Non-human identities are already growing faster than security teams can manually track. AI accelerates this trajectory. As attacker dwell time compresses (some 2025 intrusions moved from initial access to exfiltration in under two hours), reactive governance is insufficient. Visibility must operate ahead of the breach.

AI is the next force multiplier. If visibility does not extend to autonomous agents, blind spots will scale with it.

Comprehensive visibility compounds to better governance
The pace of change has outstripped manual oversight. Non-human identities are multiplying rapidly, attacker timelines are shrinking, and breaches now unfold in hours, not weeks.

Visibility must be continuous, automated, and forward looking, encompassing human and non-human identities, AI agents, OAuth grants, and relationship paths that create unintended privilege. Organizations must identify and eliminate risky access chains before they are exploited to stay ahead of modern intrusions.

Here’s how:

  • Know what exists: Most enterprises manage a fraction of their actual identity footprint. A credible inventory must include service accounts, API keys, machine credentials, vendor access, CI/CD tokens, and AI agents.
  • Map relationships, not just accounts: Accounts are rarely dangerous in isolation. Risk emerges from nested groups, inherited roles, cross-platform federation, and trust chains. If you can’t trace the path from a dormant contractor account to a critical asset, you can’t defend it.
  • Treat non-human identities as paramount: They rarely expire and are frequently overprivileged at creation. Though they’re seldom reviewed, they deserve the same governance rigor that’s applied to human accounts.
  • Make visibility behavioral: Structural access data is foundational. Behavioral baselines turn that data into an early warning.
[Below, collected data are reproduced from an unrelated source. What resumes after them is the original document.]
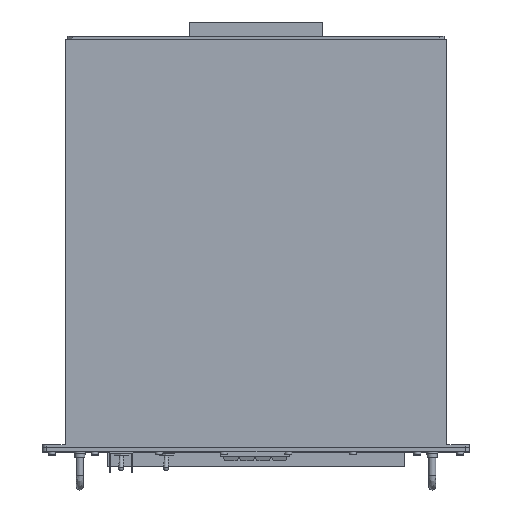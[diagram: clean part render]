
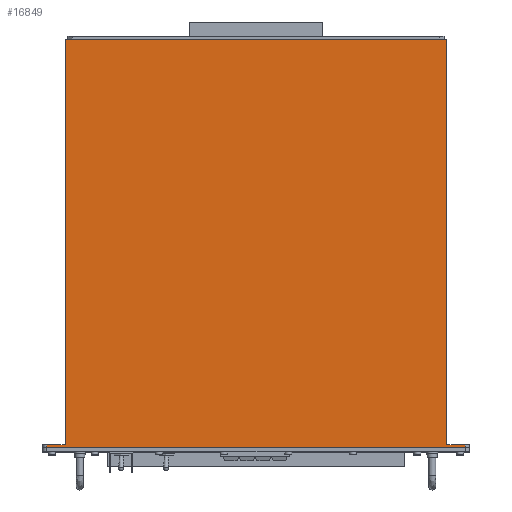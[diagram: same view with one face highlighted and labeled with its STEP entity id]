
A CAD part, top view. The second image highlights one B-rep face of the part: STEP entity #16849.
In plain terms, the highlighted free-form (B-spline) face has degree [1, 1] with [2, 2] control points.
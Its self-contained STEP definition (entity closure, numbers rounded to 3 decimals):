
#15153=CARTESIAN_POINT('V111',(448.488,
   -4.75,330.581));
#15154=VERTEX_POINT('V111',#15153);
#15155=CARTESIAN_POINT('V112',(448.488,
   453.9,330.581));
#15156=VERTEX_POINT('V112',#15155);
#15157=CARTESIAN_POINT('E151',(448.488,
   -4.75,330.581));
#15158=CARTESIAN_POINT('E151',(448.488,
   453.9,330.581));
#15159=QUASI_UNIFORM_CURVE('E151',1,(#15157,#15158),.POLYLINE_FORM.,
   .F.,.U.);
#15160=EDGE_CURVE('E151',#15154,#15156,#15159,.T.);
#15195=CARTESIAN_POINT('V113',(16.637,
   453.9,330.581));
#15196=VERTEX_POINT('V113',#15195);
#15197=CARTESIAN_POINT('V114',(16.637,-4.75,
   330.581));
#15198=VERTEX_POINT('V114',#15197);
#15199=CARTESIAN_POINT('E153',(16.637,
   453.9,330.581));
#15200=CARTESIAN_POINT('E153',(16.637,-4.75,
   330.581));
#15201=QUASI_UNIFORM_CURVE('E153',1,(#15199,#15200),.POLYLINE_FORM.,
   .F.,.U.);
#15202=EDGE_CURVE('E153',#15196,#15198,#15201,.T.);
#15249=CARTESIAN_POINT('V106',(-3.975,-4.75,
   330.581));
#15250=VERTEX_POINT('V106',#15249);
#15264=CARTESIAN_POINT('V105',(-3.975,-7.925,
   330.581));
#15265=VERTEX_POINT('V105',#15264);
#15266=CARTESIAN_POINT('E142',(-3.975,-4.75,
   330.581));
#15267=CARTESIAN_POINT('E142',(-3.975,-7.925,
   330.581));
#15268=B_SPLINE_CURVE_WITH_KNOTS('E142',1,(#15266,#15267),
   .POLYLINE_FORM.,.F.,.U.,(2,2),(0.06,
   1.06),.UNSPECIFIED.);
#15269=EDGE_CURVE('E142',#15250,#15265,#15268,.T.);
#15885=CARTESIAN_POINT('E154',(16.637,-4.75,
   330.581));
#15886=CARTESIAN_POINT('E154',(-3.975,-4.75,
   330.581));
#15887=B_SPLINE_CURVE_WITH_KNOTS('E154',1,(#15885,#15886),
   .POLYLINE_FORM.,.F.,.U.,(2,2),(0.0,0.812),
   .UNSPECIFIED.);
#15888=EDGE_CURVE('E154',#15198,#15250,#15887,.T.);
#16680=CARTESIAN_POINT('V104',(469.1,
   -4.75,330.581));
#16681=VERTEX_POINT('V104',#16680);
#16695=CARTESIAN_POINT('E150',(469.1,
   -4.75,330.581));
#16696=CARTESIAN_POINT('E150',(448.488,
   -4.75,330.581));
#16697=B_SPLINE_CURVE_WITH_KNOTS('E150',1,(#16695,#16696),
   .POLYLINE_FORM.,.F.,.U.,(2,2),(0.188,1.0),
   .UNSPECIFIED.);
#16698=EDGE_CURVE('E150',#16681,#15154,#16697,.T.);
#16763=CARTESIAN_POINT('V103',(469.1,
   -7.925,330.581));
#16764=VERTEX_POINT('V103',#16763);
#16765=CARTESIAN_POINT('E155',(-3.975,-7.925,
   330.581));
#16766=CARTESIAN_POINT('E155',(469.1,
   -7.925,330.581));
#16767=B_SPLINE_CURVE_WITH_KNOTS('E155',1,(#16765,#16766),
   .POLYLINE_FORM.,.F.,.U.,(2,2),(0.01,
   0.99),.UNSPECIFIED.);
#16768=EDGE_CURVE('E155',#15265,#16764,#16767,.T.);
#16819=CARTESIAN_POINT('E138',(469.1,
   -7.925,330.581));
#16820=CARTESIAN_POINT('E138',(469.1,
   -4.75,330.581));
#16821=B_SPLINE_CURVE_WITH_KNOTS('E138',1,(#16819,#16820),
   .POLYLINE_FORM.,.F.,.U.,(2,2),(0.06,
   1.06),.UNSPECIFIED.);
#16822=EDGE_CURVE('E138',#16764,#16681,#16821,.T.);
#16830=CARTESIAN_POINT('F50',(485.927,
   -19.47,330.581));
#16831=CARTESIAN_POINT('F50',(485.927,
   465.446,330.581));
#16832=CARTESIAN_POINT('F50',(-20.803,
   -19.47,330.581));
#16833=CARTESIAN_POINT('F50',(-20.803,
   465.446,330.581));
#16834=QUASI_UNIFORM_SURFACE('F50',1,1,((#16830,#16832),(#16831,
   #16833)),.PLANE_SURF.,.F.,.F.,.U.);
#16835=ORIENTED_EDGE('E138',*,*,#16822,.F.);
#16836=ORIENTED_EDGE('E155',*,*,#16768,.F.);
#16837=ORIENTED_EDGE('E142',*,*,#15269,.F.);
#16838=ORIENTED_EDGE('E154',*,*,#15888,.F.);
#16839=ORIENTED_EDGE('E153',*,*,#15202,.F.);
#16840=CARTESIAN_POINT('E152',(448.488,
   453.9,330.581));
#16841=CARTESIAN_POINT('E152',(16.637,
   453.9,330.581));
#16842=QUASI_UNIFORM_CURVE('E152',1,(#16840,#16841),.POLYLINE_FORM.,
   .F.,.U.);
#16843=EDGE_CURVE('E152',#15156,#15196,#16842,.T.);
#16844=ORIENTED_EDGE('E152',*,*,#16843,.F.);
#16845=ORIENTED_EDGE('E151',*,*,#15160,.F.);
#16846=ORIENTED_EDGE('E150',*,*,#16698,.F.);
#16847=EDGE_LOOP('F50',(#16835,#16836,#16837,#16838,#16839,#16844,
   #16845,#16846));
#16848=FACE_OUTER_BOUND('F50',#16847,.F.);
#16849=ADVANCED_FACE('F50',(#16848),#16834,.T.);

When a service account begins querying unfamiliar systems, or a vendor credential deviates from established patterns, that signal must surface before damage occurs.
  • Extend visibility across vendors and environments: A third-party credential outside of your monitoring perimeter is still inside your risk profile.

The bottom line: Visibility (or the lack thereof) decides the efficacy of your identity governance program

The definition of identity is expanding, shaped by multi-cloud adoption, software supply chains, and autonomous AI agents. Many enterprise security strategies were designed to repel attackers who charge the perimeter and trigger alerts. Against that pattern, they perform well.
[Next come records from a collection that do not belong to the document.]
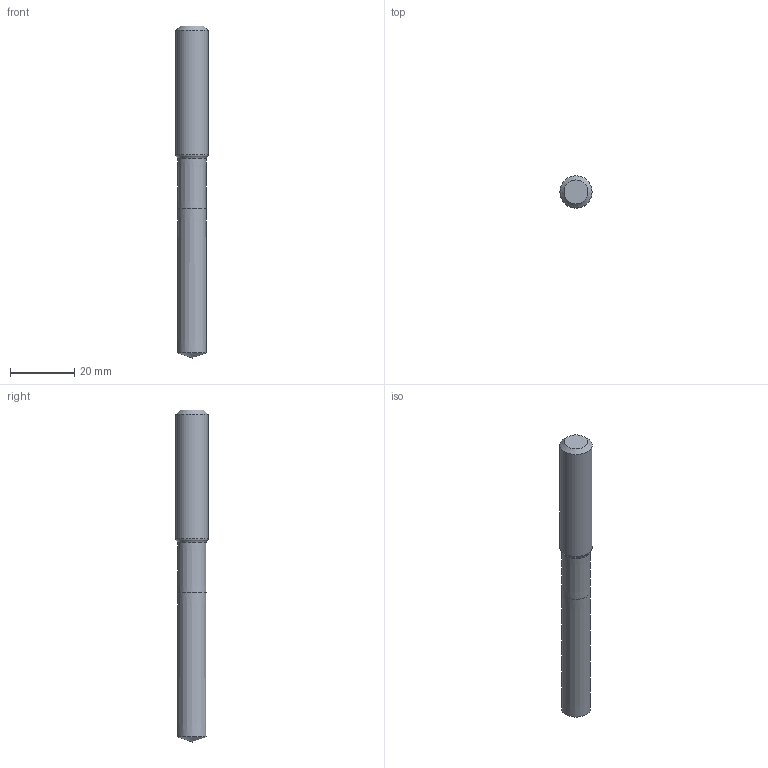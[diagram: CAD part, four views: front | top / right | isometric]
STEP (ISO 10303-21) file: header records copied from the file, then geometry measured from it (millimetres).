
FILE_DESCRIPTION(/* description */ (''),/* implementation_level */ '2;1');
FILE_NAME(/* name */ '9548_1_3d.stp',/* time_stamp */ '2019-08-30T19:50:15+02:00',/* author */ (''),/* organization */ ('SMS'),/* preprocessor_version */ 'ST-DEVELOPER v16.7',/* originating_system */ 'SIEMENS PLM Software NX 12.0',/* authorisation */ '');
FILE_SCHEMA (('AUTOMOTIVE_DESIGN { 1 0 10303 214 3 1 1 1 }'));
Length unit declared in the file: millimetre
Products named in the file (1): 9548_1_3D
Bounding box: 10 x 10 x 103 mm (x, y, z)
Volume: 7004 mm3; surface area: 3229.9 mm2
Topology: 2 solids, 2 shells, 10 faces, 18 edges, 13 vertices
Faces by surface type: cone 4, plane 3, torus 2, cylinder 1
Full cylindrical faces by diameter (mm): 10 x1
Entity records: 278 total; most frequent: CARTESIAN_POINT 46, DIRECTION 44, AXIS2_PLACEMENT_3D 22, EDGE_LOOP 16, ORIENTED_EDGE 16, FACE_BOUND 14, ADVANCED_FACE 10, VERTEX_POINT 9

However, attackers don’t need to bypass your security stack anymore. They just need to find the identity paths that will take them through it. When group memberships nest three or four layers deep, service accounts outlive the projects that created them, or vendor integrations carry inherited permissions, the result is an environment where every individual access grant looks legitimate even though it’s full of exploitable pathways. Governance, compliance, and enforcement can only function when grounded in a complete and continuously updated view of the estate. For most organizations, that view simply doesn’t exist.

The question is not whether blind spots exist in your identity estate. It is whether you find them before someone else does.